How was it possible for these forecasts to be so erroneous? The interesting aspect, reading the modelling now, is that the number infected under each control policy scenario, including lockdown, was about the same. The Matatini group described 89% of the population being ultimately infected under even the most stringent strategy. The moment the handbrake was let off, another outbreak would occur. However, in the paper, the modellers themselves questioned the effect of lockdowns. They wrote:  “In other countries, including those that have instigating (sic.) major lockdowns such as Italy, there is as yet insufficient evidence that this has reduced [the epidemic]”. They then stated that “successful mitigation requires periods of these intensive control measures to be continued for up to 2.5 years before the population acquires a sufficient level of herd immunity.” The conclusion was that lockdowns were buying time for vaccination and learning from other countries. The modelling that justified the lockdowns was itself clearly stating that such policies were far from a panacea.

Models incorporated lockdown measures yet still predicted thousands of deaths. Critics will say that the lockdown is precisely why the models were so inaccurate. We were saved from catastrophe. Several lines of consistent statistical evidence does not, however, support this idea. US States that did not lockdown report lower Covid-19 cases and death rates on average than States that enforced heavier restrictions. Time trends in Europe show that lockdowns prolonged the recovery from the epidemic after these policies were enforced. Closer to home, it is clear that cumulative per capita cases and deaths of Covid-19 are lower for Australia than for New Zealand despite more relaxed restrictions over the Tasman.

The major factors behind these erroneous models include: (1) an overestimate of the infection fatality rate, and (2) a reciprocal underestimate of the immunity of the population.  Mathematical models of infections project the assumptions of the modellers into the future. They are mathematically elegant, but also based on many untested assumptions. Models assume a far greater degree of certainty than is true in reality.

The models used are built for infections which declare themselves, like measles. Covid-19 is different, it produces high rates of infections in people who feel well. Measles primarily affects young children who are unlikely to die from other causes. Covid-19, on the other hand, has shown to be most vicious at the other end of the age spectrum, specifically causing death most frequently in people at a mean age very similar to our life expectancy, about 82 years. This is curious, as it strongly suggests that the virus does not shorten life, since our life expectancy, or average lifespan, is similar with or without the virus on board. There is little mention of this in the Matatini document, and it is relegated to the appendix of the University of Otago report. Instead the Otago group talk of deaths of the magnitude seen in World War I. Given the age differences of deaths in World War I (mean about 27 years), compared to Covid-19, this must surely be classed as exaggeration.

Neither modelling team attempted to quantify loss of life in terms of ‘years of life lost’ (YLL), a standard epidemiological technique for comparing disease burden. Such statistics would have produced a totally different picture than headline death tallies, portrayed simplistically by the media. YLL is the sum of the differences between age at death and median life expectancy and weights death in the young higher than deaths in the old. Since Covid-19 deaths occurred at an average age in the 80s, this method of measurement would have produced a much less striking picture than the less sophisticated count that values infant and nonagenarian mortality as equivalent. Years of life lost from Covid-19 are extremely low, and pale in comparison to other risks to health, such as cardiovascular disease, diabetes and cancer.
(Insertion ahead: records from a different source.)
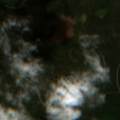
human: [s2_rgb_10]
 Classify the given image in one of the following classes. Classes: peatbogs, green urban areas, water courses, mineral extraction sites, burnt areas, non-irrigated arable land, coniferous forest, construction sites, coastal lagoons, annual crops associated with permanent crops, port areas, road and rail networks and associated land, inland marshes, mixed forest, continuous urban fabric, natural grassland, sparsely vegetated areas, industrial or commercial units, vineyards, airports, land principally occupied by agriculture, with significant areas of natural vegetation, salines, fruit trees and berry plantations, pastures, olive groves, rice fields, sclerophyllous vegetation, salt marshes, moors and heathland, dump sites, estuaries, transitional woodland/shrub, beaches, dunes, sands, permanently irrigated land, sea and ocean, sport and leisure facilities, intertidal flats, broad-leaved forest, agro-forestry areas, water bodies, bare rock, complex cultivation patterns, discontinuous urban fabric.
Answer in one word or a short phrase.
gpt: coniferous forest, transitional woodland/shrub, water bodies
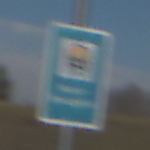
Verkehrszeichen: Wasserschutzgebiet
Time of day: MorningAfternoon
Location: Outdoor (Nature)
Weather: PartlyCloudy
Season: NotSpecified
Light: Natural
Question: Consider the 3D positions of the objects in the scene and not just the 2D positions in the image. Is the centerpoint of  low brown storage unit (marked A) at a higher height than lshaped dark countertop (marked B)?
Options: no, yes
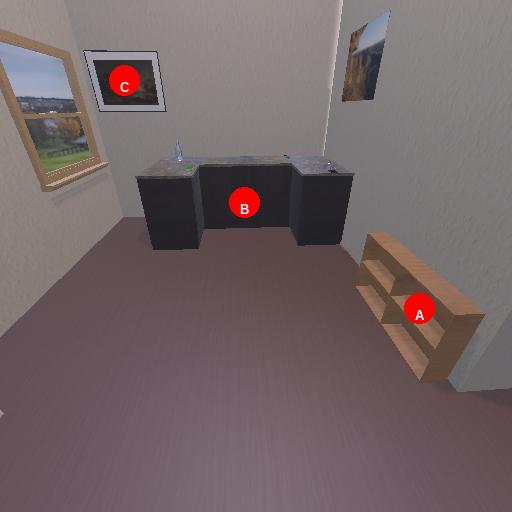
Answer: no
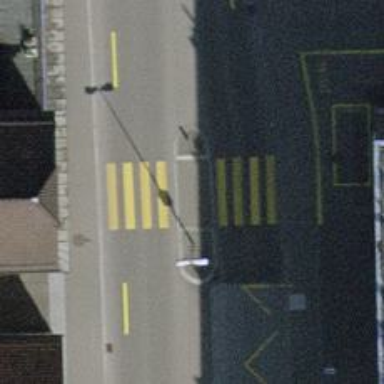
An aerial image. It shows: Uncontrolled zebra crossing with pedestrian island.
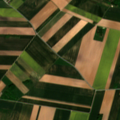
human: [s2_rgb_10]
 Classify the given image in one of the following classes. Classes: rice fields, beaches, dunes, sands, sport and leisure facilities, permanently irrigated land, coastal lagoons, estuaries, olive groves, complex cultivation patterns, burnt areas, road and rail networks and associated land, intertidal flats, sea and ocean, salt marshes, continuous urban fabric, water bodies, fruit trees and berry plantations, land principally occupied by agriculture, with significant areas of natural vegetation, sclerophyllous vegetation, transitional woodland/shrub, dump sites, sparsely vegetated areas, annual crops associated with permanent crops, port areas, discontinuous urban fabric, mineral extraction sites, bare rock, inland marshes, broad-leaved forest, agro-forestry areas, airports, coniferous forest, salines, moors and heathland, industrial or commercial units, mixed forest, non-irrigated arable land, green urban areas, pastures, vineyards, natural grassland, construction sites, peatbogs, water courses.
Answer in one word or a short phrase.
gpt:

As in the case of swine flu, antibody tests of the virus, are dialling down the infection fatality rate, to a range similar to influenza (0.03% to 0.5%). This contrasts from the genetic test evidence used by some commentators. This cuts down the dire predictions for Sweden by a large ratio. Since even people without antibodies have evidence of seeing the virus, the true infection fatality ratios are likely to be even lower than those adjusted for antibody tests alone. It is now clear that the dire prediction is very unlikely to be correct, since Sweden is now well into the downward slide of its epidemic curve for Covid-19 deaths (figure). The value of observed data over modelled predictions is demonstrated here.

Figure1 (above). Epidemic curve of Covid-19 deaths in Sweden (1/June/2020). Line represents average trend.

Related to the immunity tests, a strong, and very questionable assumption of the modelling is that we are all, as a population, susceptible to the ‘novel’ virus. Since from early on in the epidemic, it was clear that infection was more likely in the elderly, this was unlikely to be so. Recent evidence from immunologists strongly indicate cross-reactivity between “common cold” coronaviruses and SARS-CoV-2, which was present in at least 30% of people that don’t show other evidence of having seen the disease before. This theory is supported by a study that showed that 34% of a sample of healthy blood donors who did not have antibodies, instead had other evidence of immunity, with reactive T cells to the virus. Also, the finding of test-positive samples in France well before the epidemic ‘officially’ occurred, dents the ‘we are all sitting ducks’ theory.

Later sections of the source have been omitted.